Records excerpted from a collection
____

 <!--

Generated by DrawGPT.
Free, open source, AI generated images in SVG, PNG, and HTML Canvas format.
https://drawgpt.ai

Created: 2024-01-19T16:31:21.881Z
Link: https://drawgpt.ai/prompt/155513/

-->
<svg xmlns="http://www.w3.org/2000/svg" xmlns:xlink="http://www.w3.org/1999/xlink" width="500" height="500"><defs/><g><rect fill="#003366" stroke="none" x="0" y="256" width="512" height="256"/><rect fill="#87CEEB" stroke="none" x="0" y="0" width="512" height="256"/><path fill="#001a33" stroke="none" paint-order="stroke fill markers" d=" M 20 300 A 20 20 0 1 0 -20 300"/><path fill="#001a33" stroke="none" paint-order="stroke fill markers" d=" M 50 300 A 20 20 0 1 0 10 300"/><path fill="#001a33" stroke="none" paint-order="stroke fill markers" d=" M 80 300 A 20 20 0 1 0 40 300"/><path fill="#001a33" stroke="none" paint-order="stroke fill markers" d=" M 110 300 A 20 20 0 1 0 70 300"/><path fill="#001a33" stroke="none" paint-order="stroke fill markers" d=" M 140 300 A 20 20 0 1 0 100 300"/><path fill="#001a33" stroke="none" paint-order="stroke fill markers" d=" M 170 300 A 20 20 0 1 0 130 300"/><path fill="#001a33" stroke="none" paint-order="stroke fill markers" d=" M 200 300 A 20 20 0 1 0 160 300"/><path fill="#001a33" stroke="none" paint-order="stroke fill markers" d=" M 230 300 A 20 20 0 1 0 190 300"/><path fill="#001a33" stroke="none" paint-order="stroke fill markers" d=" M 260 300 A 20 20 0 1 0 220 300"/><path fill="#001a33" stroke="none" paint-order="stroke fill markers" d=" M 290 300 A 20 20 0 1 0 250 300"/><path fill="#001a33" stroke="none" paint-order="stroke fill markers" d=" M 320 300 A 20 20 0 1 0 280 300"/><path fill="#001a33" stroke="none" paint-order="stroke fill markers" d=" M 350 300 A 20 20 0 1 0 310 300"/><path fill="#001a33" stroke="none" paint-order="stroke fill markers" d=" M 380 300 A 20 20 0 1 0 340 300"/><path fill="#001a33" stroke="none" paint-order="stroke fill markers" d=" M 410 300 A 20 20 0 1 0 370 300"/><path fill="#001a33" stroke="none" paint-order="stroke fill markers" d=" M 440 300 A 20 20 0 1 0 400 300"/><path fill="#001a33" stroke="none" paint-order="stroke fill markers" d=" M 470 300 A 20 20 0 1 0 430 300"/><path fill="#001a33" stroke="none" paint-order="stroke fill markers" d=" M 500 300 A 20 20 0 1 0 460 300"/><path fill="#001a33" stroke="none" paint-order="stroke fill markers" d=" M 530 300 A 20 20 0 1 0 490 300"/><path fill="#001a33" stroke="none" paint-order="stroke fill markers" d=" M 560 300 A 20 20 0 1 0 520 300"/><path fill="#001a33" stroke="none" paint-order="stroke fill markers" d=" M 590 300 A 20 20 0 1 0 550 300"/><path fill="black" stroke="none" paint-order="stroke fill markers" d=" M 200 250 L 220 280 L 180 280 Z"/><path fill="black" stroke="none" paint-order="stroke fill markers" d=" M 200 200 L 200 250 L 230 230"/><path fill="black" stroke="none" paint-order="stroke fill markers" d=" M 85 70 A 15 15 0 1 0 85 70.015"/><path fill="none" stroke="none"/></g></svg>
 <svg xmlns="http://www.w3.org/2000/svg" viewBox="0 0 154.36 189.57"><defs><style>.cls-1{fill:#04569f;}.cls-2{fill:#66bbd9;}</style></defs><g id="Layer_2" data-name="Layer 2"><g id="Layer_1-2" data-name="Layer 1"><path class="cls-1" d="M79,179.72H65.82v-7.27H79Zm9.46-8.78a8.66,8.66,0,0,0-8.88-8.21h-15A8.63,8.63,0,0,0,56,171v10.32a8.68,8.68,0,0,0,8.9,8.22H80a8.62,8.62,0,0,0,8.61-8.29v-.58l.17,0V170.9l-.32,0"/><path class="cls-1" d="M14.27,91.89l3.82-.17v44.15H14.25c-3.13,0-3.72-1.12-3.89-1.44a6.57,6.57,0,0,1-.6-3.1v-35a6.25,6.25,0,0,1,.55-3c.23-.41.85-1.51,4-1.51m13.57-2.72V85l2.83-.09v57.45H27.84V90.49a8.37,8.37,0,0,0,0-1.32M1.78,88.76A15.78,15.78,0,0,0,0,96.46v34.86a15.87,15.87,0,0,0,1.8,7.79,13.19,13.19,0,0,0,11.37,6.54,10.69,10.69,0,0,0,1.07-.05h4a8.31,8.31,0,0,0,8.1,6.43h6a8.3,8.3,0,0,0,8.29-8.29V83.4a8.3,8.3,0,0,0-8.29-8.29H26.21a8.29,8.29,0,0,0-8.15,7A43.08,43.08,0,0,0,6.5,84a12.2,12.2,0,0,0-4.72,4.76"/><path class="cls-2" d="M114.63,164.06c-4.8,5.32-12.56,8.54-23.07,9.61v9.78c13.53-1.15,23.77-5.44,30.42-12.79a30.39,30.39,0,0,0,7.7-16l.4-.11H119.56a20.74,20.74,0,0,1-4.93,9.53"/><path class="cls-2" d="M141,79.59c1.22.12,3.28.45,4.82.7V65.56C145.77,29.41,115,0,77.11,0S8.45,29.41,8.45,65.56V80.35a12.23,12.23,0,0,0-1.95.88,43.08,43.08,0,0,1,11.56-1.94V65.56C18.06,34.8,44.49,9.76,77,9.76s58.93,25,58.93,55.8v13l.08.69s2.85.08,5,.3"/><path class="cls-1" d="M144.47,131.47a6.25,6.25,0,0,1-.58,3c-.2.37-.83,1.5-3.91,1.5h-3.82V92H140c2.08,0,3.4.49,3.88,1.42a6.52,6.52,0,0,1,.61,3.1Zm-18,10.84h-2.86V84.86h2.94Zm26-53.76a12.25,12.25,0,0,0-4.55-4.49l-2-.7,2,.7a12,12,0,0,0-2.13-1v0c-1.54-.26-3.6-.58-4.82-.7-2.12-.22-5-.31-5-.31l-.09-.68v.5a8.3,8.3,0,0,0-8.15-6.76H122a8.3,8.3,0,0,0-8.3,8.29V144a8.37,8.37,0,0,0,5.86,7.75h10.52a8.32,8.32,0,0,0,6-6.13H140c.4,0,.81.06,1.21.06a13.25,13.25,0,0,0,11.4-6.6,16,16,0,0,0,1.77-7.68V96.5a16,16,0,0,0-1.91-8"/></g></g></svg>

____

**Task prompt**. Give all the records again. Match them exactly.

**Output of the task**.
 <!--

Generated by DrawGPT.
Free, open source, AI generated images in SVG, PNG, and HTML Canvas format.
https://drawgpt.ai

Created: 2024-01-19T16:31:21.881Z
Link: https://drawgpt.ai/prompt/155513/

-->
<svg xmlns="http://www.w3.org/2000/svg" xmlns:xlink="http://www.w3.org/1999/xlink" width="500" height="500"><defs/><g><rect fill="#003366" stroke="none" x="0" y="256" width="512" height="256"/><rect fill="#87CEEB" stroke="none" x="0" y="0" width="512" height="256"/><path fill="#001a33" stroke="none" paint-order="stroke fill markers" d=" M 20 300 A 20 20 0 1 0 -20 300"/><path fill="#001a33" stroke="none" paint-order="stroke fill markers" d=" M 50 300 A 20 20 0 1 0 10 300"/><path fill="#001a33" stroke="none" paint-order="stroke fill markers" d=" M 80 300 A 20 20 0 1 0 40 300"/><path fill="#001a33" stroke="none" paint-order="stroke fill markers" d=" M 110 300 A 20 20 0 1 0 70 300"/><path fill="#001a33" stroke="none" paint-order="stroke fill markers" d=" M 140 300 A 20 20 0 1 0 100 300"/><path fill="#001a33" stroke="none" paint-order="stroke fill markers" d=" M 170 300 A 20 20 0 1 0 130 300"/><path fill="#001a33" stroke="none" paint-order="stroke fill markers" d=" M 200 300 A 20 20 0 1 0 160 300"/><path fill="#001a33" stroke="none" paint-order="stroke fill markers" d=" M 230 300 A 20 20 0 1 0 190 300"/><path fill="#001a33" stroke="none" paint-order="stroke fill markers" d=" M 260 300 A 20 20 0 1 0 220 300"/><path fill="#001a33" stroke="none" paint-order="stroke fill markers" d=" M 290 300 A 20 20 0 1 0 250 300"/><path fill="#001a33" stroke="none" paint-order="stroke fill markers" d=" M 320 300 A 20 20 0 1 0 280 300"/><path fill="#001a33" stroke="none" paint-order="stroke fill markers" d=" M 350 300 A 20 20 0 1 0 310 300"/><path fill="#001a33" stroke="none" paint-order="stroke fill markers" d=" M 380 300 A 20 20 0 1 0 340 300"/><path fill="#001a33" stroke="none" paint-order="stroke fill markers" d=" M 410 300 A 20 20 0 1 0 370 300"/><path fill="#001a33" stroke="none" paint-order="stroke fill markers" d=" M 440 300 A 20 20 0 1 0 400 300"/><path fill="#001a33" stroke="none" paint-order="stroke fill markers" d=" M 470 300 A 20 20 0 1 0 430 300"/><path fill="#001a33" stroke="none" paint-order="stroke fill markers" d=" M 500 300 A 20 20 0 1 0 460 300"/><path fill="#001a33" stroke="none" paint-order="stroke fill markers" d=" M 530 300 A 20 20 0 1 0 490 300"/><path fill="#001a33" stroke="none" paint-order="stroke fill markers" d=" M 560 300 A 20 20 0 1 0 520 300"/><path fill="#001a33" stroke="none" paint-order="stroke fill markers" d=" M 590 300 A 20 20 0 1 0 550 300"/><path fill="black" stroke="none" paint-order="stroke fill markers" d=" M 200 250 L 220 280 L 180 280 Z"/><path fill="black" stroke="none" paint-order="stroke fill markers" d=" M 200 200 L 200 250 L 230 230"/><path fill="black" stroke="none" paint-order="stroke fill markers" d=" M 85 70 A 15 15 0 1 0 85 70.015"/><path fill="none" stroke="none"/></g></svg>
 <svg xmlns="http://www.w3.org/2000/svg" viewBox="0 0 154.36 189.57"><defs><style>.cls-1{fill:#04569f;}.cls-2{fill:#66bbd9;}</style></defs><g id="Layer_2" data-name="Layer 2"><g id="Layer_1-2" data-name="Layer 1"><path class="cls-1" d="M79,179.72H65.82v-7.27H79Zm9.46-8.78a8.66,8.66,0,0,0-8.88-8.21h-15A8.63,8.63,0,0,0,56,171v10.32a8.68,8.68,0,0,0,8.9,8.22H80a8.62,8.62,0,0,0,8.61-8.29v-.58l.17,0V170.9l-.32,0"/><path class="cls-1" d="M14.27,91.89l3.82-.17v44.15H14.25c-3.13,0-3.72-1.12-3.89-1.44a6.57,6.57,0,0,1-.6-3.1v-35a6.25,6.25,0,0,1,.55-3c.23-.41.85-1.51,4-1.51m13.57-2.72V85l2.83-.09v57.45H27.84V90.49a8.37,8.37,0,0,0,0-1.32M1.78,88.76A15.78,15.78,0,0,0,0,96.46v34.86a15.87,15.87,0,0,0,1.8,7.79,13.19,13.19,0,0,0,11.37,6.54,10.69,10.69,0,0,0,1.07-.05h4a8.31,8.31,0,0,0,8.1,6.43h6a8.3,8.3,0,0,0,8.29-8.29V83.4a8.3,8.3,0,0,0-8.29-8.29H26.21a8.29,8.29,0,0,0-8.15,7A43.08,43.08,0,0,0,6.5,84a12.2,12.2,0,0,0-4.72,4.76"/><path class="cls-2" d="M114.63,164.06c-4.8,5.32-12.56,8.54-23.07,9.61v9.78c13.53-1.15,23.77-5.44,30.42-12.79a30.39,30.39,0,0,0,7.7-16l.4-.11H119.56a20.74,20.74,0,0,1-4.93,9.53"/><path class="cls-2" d="M141,79.59c1.22.12,3.28.45,4.82.7V65.56C145.77,29.41,115,0,77.11,0S8.45,29.41,8.45,65.56V80.35a12.23,12.23,0,0,0-1.95.88,43.08,43.08,0,0,1,11.56-1.94V65.56C18.06,34.8,44.49,9.76,77,9.76s58.93,25,58.93,55.8v13l.08.69s2.85.08,5,.3"/><path class="cls-1" d="M144.47,131.47a6.25,6.25,0,0,1-.58,3c-.2.37-.83,1.5-3.91,1.5h-3.82V92H140c2.08,0,3.4.49,3.88,1.42a6.52,6.52,0,0,1,.61,3.1Zm-18,10.84h-2.86V84.86h2.94Zm26-53.76a12.25,12.25,0,0,0-4.55-4.49l-2-.7,2,.7a12,12,0,0,0-2.13-1v0c-1.54-.26-3.6-.58-4.82-.7-2.12-.22-5-.31-5-.31l-.09-.68v.5a8.3,8.3,0,0,0-8.15-6.76H122a8.3,8.3,0,0,0-8.3,8.29V144a8.37,8.37,0,0,0,5.86,7.75h10.52a8.32,8.32,0,0,0,6-6.13H140c.4,0,.81.06,1.21.06a13.25,13.25,0,0,0,11.4-6.6,16,16,0,0,0,1.77-7.68V96.5a16,16,0,0,0-1.91-8"/></g></g></svg>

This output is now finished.